Collection entries:
####################

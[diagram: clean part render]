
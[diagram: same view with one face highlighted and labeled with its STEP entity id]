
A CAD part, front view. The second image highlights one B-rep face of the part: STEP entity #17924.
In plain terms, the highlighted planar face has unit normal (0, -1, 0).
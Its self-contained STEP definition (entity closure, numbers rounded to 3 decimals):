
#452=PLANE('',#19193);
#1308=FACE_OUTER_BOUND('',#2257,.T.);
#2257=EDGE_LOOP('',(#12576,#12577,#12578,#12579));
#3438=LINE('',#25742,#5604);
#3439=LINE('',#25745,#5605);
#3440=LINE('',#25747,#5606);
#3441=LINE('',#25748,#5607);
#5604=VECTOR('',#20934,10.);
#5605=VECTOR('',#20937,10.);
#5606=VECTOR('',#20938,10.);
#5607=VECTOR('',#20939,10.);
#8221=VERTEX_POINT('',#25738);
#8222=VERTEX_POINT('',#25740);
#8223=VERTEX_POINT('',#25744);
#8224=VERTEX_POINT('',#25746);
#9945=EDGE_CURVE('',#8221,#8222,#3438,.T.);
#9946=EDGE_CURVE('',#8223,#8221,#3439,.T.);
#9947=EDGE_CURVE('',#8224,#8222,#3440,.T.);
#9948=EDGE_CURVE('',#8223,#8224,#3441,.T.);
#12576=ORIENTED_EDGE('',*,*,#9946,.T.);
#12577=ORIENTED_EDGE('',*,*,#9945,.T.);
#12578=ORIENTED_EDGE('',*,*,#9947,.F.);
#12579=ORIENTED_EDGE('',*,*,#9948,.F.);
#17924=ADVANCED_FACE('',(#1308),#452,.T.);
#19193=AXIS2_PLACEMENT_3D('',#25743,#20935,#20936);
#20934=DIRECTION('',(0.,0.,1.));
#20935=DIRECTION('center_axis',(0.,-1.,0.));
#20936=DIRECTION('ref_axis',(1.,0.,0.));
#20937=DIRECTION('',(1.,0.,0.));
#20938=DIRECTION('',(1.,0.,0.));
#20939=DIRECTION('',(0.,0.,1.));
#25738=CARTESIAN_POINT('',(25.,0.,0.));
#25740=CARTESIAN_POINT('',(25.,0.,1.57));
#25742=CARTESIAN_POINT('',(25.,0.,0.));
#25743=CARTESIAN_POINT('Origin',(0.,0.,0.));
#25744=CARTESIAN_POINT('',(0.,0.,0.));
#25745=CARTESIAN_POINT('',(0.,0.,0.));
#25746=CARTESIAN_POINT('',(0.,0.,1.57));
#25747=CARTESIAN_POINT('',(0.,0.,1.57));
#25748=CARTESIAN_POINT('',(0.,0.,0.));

####################

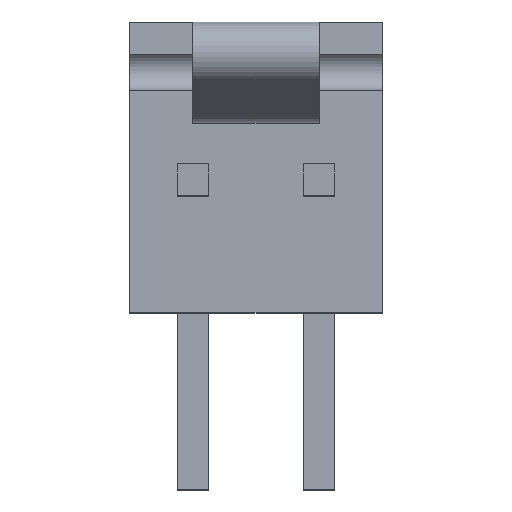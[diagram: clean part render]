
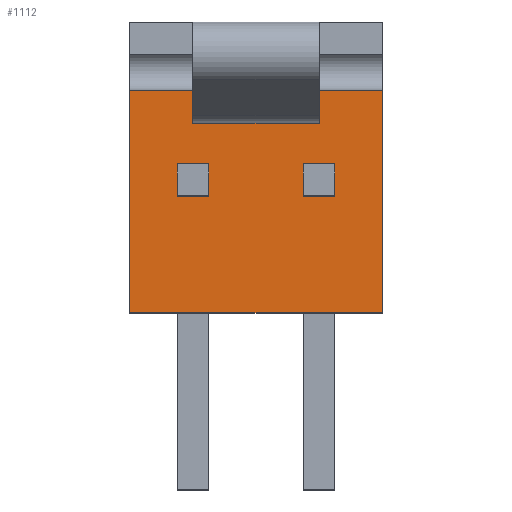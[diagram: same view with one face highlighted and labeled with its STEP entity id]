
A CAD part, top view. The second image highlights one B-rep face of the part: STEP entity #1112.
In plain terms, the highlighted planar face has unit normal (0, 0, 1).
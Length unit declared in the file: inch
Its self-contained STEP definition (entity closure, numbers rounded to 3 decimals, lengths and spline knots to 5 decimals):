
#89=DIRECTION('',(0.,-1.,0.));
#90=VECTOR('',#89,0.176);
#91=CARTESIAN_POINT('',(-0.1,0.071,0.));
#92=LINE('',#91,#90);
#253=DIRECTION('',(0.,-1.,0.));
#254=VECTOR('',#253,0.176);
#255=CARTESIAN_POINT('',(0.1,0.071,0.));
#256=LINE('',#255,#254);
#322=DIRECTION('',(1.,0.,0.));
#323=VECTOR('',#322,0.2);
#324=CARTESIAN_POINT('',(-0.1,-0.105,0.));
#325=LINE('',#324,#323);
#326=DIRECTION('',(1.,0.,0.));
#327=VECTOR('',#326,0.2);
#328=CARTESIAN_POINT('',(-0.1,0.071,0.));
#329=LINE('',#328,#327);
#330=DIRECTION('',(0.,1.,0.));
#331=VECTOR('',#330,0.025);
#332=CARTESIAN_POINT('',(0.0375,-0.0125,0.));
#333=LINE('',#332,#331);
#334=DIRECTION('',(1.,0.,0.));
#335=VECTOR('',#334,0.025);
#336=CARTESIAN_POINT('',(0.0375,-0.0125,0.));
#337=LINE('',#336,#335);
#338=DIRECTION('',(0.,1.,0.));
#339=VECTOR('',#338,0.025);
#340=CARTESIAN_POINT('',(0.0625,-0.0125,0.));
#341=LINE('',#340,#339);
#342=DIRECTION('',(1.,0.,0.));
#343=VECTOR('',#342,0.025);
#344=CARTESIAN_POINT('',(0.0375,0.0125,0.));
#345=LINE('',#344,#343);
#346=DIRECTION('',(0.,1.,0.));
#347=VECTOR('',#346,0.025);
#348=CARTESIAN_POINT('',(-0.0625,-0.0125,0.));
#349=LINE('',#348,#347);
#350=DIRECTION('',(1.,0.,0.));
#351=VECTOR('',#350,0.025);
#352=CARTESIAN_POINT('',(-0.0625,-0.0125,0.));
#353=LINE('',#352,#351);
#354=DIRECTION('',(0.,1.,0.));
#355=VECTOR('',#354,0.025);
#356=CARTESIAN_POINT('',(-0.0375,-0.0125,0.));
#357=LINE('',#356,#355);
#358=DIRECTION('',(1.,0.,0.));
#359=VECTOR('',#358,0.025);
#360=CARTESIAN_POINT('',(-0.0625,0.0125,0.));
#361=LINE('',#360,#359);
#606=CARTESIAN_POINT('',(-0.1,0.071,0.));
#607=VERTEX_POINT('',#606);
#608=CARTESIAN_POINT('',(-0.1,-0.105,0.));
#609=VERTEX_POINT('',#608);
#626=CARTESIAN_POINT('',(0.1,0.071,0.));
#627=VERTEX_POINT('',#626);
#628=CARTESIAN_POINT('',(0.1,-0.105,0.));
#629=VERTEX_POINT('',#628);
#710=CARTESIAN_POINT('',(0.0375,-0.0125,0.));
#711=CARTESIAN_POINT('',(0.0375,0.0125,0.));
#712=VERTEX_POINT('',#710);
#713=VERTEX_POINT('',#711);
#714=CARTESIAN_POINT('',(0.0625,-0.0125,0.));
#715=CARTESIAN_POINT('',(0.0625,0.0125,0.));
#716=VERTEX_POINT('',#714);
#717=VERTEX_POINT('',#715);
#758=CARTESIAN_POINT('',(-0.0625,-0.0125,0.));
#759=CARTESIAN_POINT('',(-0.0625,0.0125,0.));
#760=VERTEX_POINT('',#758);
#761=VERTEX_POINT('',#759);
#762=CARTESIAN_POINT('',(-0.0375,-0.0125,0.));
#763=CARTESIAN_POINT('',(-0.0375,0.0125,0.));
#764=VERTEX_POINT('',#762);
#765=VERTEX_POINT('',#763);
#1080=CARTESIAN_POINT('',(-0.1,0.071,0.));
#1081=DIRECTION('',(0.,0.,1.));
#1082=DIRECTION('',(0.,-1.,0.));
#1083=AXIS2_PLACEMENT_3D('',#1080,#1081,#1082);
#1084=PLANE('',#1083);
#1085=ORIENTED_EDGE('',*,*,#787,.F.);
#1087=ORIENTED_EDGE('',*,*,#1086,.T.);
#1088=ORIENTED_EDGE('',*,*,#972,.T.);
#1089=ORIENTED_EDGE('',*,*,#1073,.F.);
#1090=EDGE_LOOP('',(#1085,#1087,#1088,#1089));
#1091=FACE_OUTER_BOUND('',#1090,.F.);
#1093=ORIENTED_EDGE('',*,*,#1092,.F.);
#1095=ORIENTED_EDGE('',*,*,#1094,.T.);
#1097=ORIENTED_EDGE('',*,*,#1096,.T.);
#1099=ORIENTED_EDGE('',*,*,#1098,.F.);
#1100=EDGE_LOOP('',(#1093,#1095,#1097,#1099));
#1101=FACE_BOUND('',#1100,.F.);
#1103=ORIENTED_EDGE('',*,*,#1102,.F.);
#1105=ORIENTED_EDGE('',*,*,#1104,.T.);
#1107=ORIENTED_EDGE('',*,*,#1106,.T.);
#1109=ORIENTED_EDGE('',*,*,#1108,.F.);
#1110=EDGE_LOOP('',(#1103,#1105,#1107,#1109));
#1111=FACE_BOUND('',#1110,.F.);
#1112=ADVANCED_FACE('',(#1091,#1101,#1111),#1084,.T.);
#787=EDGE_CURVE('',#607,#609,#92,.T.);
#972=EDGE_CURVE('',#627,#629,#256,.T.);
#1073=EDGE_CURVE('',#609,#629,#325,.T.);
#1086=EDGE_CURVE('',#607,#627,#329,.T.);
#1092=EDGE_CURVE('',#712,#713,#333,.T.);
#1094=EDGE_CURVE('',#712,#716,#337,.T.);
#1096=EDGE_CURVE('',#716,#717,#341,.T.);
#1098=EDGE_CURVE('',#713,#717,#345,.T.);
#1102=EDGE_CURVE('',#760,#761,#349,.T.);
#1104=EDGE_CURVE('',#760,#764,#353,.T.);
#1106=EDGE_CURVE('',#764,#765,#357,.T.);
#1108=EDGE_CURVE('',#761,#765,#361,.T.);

####################

**Aim of the exercise**
Among the entries above, find the line with "#607=VERTEX_POINT('',#606);" and the line with "#713=VERTEX_POINT('',#711);"; give again exactly these two lines and all lines between them.

**Task result**
#607=VERTEX_POINT('',#606);
#608=CARTESIAN_POINT('',(-0.1,-0.105,0.));
#609=VERTEX_POINT('',#608);
#626=CARTESIAN_POINT('',(0.1,0.071,0.));
#627=VERTEX_POINT('',#626);
#628=CARTESIAN_POINT('',(0.1,-0.105,0.));
#629=VERTEX_POINT('',#628);
#710=CARTESIAN_POINT('',(0.0375,-0.0125,0.));
#711=CARTESIAN_POINT('',(0.0375,0.0125,0.));
#712=VERTEX_POINT('',#710);
#713=VERTEX_POINT('',#711);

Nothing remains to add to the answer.